**Directions for this task**
Scanning the entries below, copy every line that contains the word "height".

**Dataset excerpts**
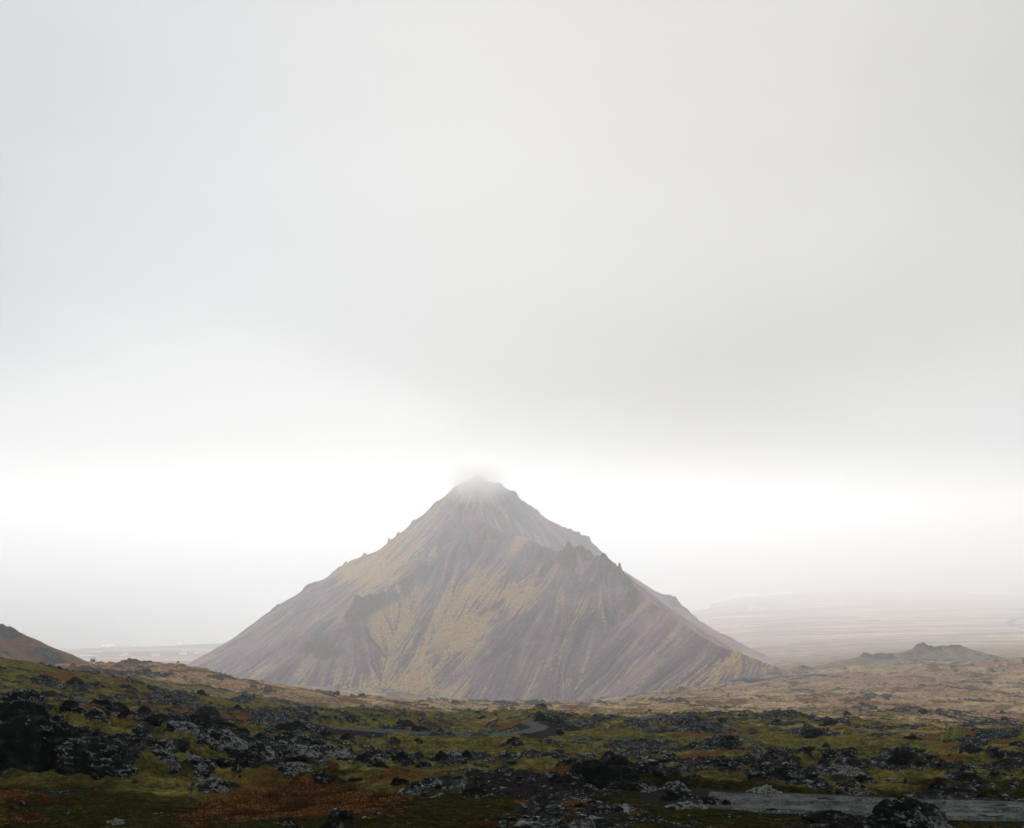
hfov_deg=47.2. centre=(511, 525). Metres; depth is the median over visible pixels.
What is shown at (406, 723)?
lava outcrop
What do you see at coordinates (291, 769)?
lava outcrop
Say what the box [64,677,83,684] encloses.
lava outcrop
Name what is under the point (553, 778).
lava outcrop
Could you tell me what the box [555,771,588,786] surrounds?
lava outcrop
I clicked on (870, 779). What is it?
lava boulder
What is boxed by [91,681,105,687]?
lava rock
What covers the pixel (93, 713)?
lava outcrop
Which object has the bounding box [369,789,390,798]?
grass tuft
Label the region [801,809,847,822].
lava outcrop
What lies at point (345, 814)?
lava rock
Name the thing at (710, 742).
lava outcrop
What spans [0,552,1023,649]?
sea
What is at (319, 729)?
lava outcrop
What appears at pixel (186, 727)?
lava outcrop
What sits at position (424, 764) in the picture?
lava boulder
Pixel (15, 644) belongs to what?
hill
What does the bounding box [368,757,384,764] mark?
lava rock
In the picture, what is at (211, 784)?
lava outcrop
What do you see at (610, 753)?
lava rock
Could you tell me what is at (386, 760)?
lava outcrop
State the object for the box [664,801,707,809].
lava outcrop
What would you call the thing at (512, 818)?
lava rock
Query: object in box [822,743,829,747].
lava boulder
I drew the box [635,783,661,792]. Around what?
lava outcrop
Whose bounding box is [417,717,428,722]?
lava rock
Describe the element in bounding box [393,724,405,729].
lava rock
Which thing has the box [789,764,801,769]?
lava rock
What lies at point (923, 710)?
lava rock
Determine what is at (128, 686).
lava outcrop
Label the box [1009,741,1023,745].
lava outcrop
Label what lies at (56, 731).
lava outcrop
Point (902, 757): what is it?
lava outcrop
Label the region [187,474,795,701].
mountain
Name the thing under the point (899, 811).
lava outcrop
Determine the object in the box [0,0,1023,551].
sky
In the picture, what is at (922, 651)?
hill
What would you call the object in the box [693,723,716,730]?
lava outcrop
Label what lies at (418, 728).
lava outcrop
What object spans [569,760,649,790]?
lava outcrop
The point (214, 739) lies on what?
lava outcrop
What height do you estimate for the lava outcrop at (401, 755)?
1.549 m
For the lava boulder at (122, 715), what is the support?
on the ground at (808, 633)
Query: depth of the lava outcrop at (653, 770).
60.22 m
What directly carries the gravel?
on the ground at (808, 633)
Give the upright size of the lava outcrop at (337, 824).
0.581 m
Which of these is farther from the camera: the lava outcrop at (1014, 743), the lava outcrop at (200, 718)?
the lava outcrop at (1014, 743)
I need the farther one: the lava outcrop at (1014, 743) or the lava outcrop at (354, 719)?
the lava outcrop at (354, 719)
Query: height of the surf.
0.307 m
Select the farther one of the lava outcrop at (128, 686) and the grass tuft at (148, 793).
the lava outcrop at (128, 686)
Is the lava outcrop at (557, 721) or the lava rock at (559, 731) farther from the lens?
the lava outcrop at (557, 721)
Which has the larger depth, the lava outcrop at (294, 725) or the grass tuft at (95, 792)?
the lava outcrop at (294, 725)
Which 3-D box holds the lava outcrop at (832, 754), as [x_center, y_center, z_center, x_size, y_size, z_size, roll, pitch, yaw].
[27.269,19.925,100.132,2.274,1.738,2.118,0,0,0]
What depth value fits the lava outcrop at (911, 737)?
175.73 m
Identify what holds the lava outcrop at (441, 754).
on the ground at (808, 633)
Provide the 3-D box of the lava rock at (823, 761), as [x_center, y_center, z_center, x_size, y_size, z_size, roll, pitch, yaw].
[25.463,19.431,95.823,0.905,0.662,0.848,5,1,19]
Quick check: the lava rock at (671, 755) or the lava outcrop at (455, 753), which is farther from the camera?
the lava outcrop at (455, 753)
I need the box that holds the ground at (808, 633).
[0,591,1023,827]
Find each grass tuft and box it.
[2,785,13,788]
[19,812,37,818]
[38,796,58,803]
[90,789,100,793]
[103,791,114,794]
[142,791,155,795]
[229,805,261,814]
[263,792,281,798]
[283,795,310,809]
[327,762,339,771]
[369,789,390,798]
[468,820,509,826]
[564,813,585,822]
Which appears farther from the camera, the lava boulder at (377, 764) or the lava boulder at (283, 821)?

**Solution**
What height do you estimate for the lava outcrop at (401, 755)?
Query: height of the surf.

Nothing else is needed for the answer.